◆ Records for this task:
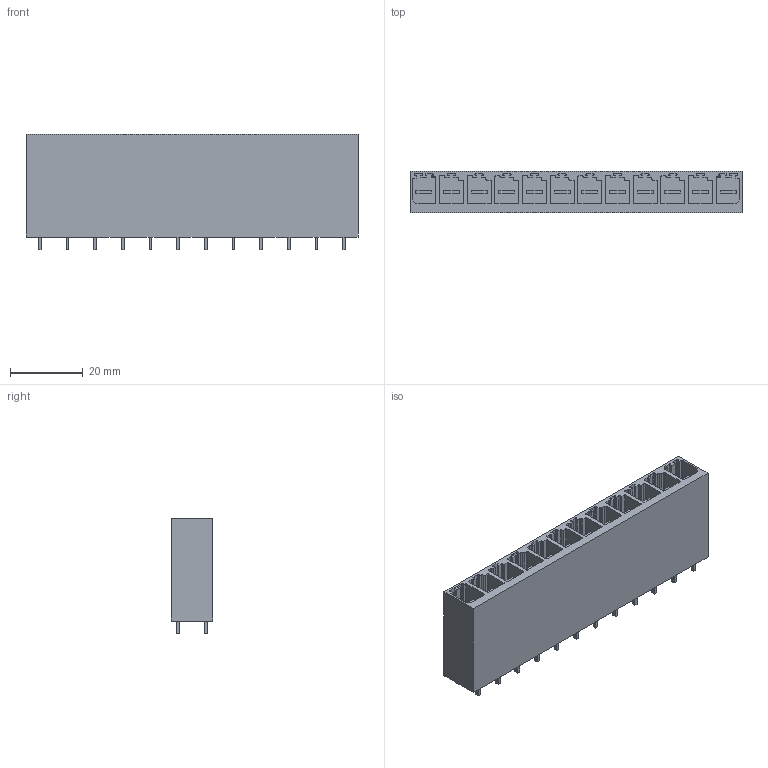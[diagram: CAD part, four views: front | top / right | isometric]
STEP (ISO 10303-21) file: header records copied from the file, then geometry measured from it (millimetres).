
FILE_DESCRIPTION(('CATIA V5 STEP Exchange','CAx-IF Rec.Pracs.--- Model Styling and Organization---1.2---2011-12-15'),'2;1');
FILE_NAME ('D1459408_0_1930700000_1930700000.stp','2018-11-28T12:47:24+00:00',('none'),('Weidmueller'),'CATIA Version 5-6 Release 2014','CATIA V5 STEP AP214','none');
FILE_SCHEMA(('AUTOMOTIVE_DESIGN { 1 0 10303 214 1 1 1 1 }'));
Length unit declared in the file: millimetre
Products named in the file (1): 1930700000
Bounding box: 91.44 x 11.4 x 31.8 mm (x, y, z)
Volume: 20885.5 mm3; surface area: 20771.2 mm2
Topology: 13 solids, 13 shells, 836 faces, 2406 edges, 1596 vertices
Faces by surface type: plane 698, cylinder 138
Entity records: 21279 total; most frequent: ORIENTED_EDGE 4812, CARTESIAN_POINT 3443, DIRECTION 2522, EDGE_CURVE 1914, VECTOR 1662, LINE 1662, VERTEX_POINT 1224, EDGE_LOOP 884

◆ Task details:
Line by line, output the material above exactly, passing over the pictures.

◆ Answer to this task:
[diagram: CAD part, four views: front | top / right | isometric]
STEP (ISO 10303-21) file: header records copied from the file, then geometry measured from it (millimetres).
FILE_DESCRIPTION(('CATIA V5 STEP Exchange','CAx-IF Rec.Pracs.--- Model Styling and Organization---1.2---2011-12-15'),'2;1');
FILE_NAME ('D1459408_0_1930700000_1930700000.stp','2018-11-28T12:47:24+00:00',('none'),('Weidmueller'),'CATIA Version 5-6 Release 2014','CATIA V5 STEP AP214','none');
FILE_SCHEMA(('AUTOMOTIVE_DESIGN { 1 0 10303 214 1 1 1 1 }'));
Length unit declared in the file: millimetre
Products named in the file (1): 1930700000
Bounding box: 91.44 x 11.4 x 31.8 mm (x, y, z)
Volume: 20885.5 mm3; surface area: 20771.2 mm2
Topology: 13 solids, 13 shells, 836 faces, 2406 edges, 1596 vertices
Faces by surface type: plane 698, cylinder 138
Entity records: 21279 total; most frequent: ORIENTED_EDGE 4812, CARTESIAN_POINT 3443, DIRECTION 2522, EDGE_CURVE 1914, VECTOR 1662, LINE 1662, VERTEX_POINT 1224, EDGE_LOOP 884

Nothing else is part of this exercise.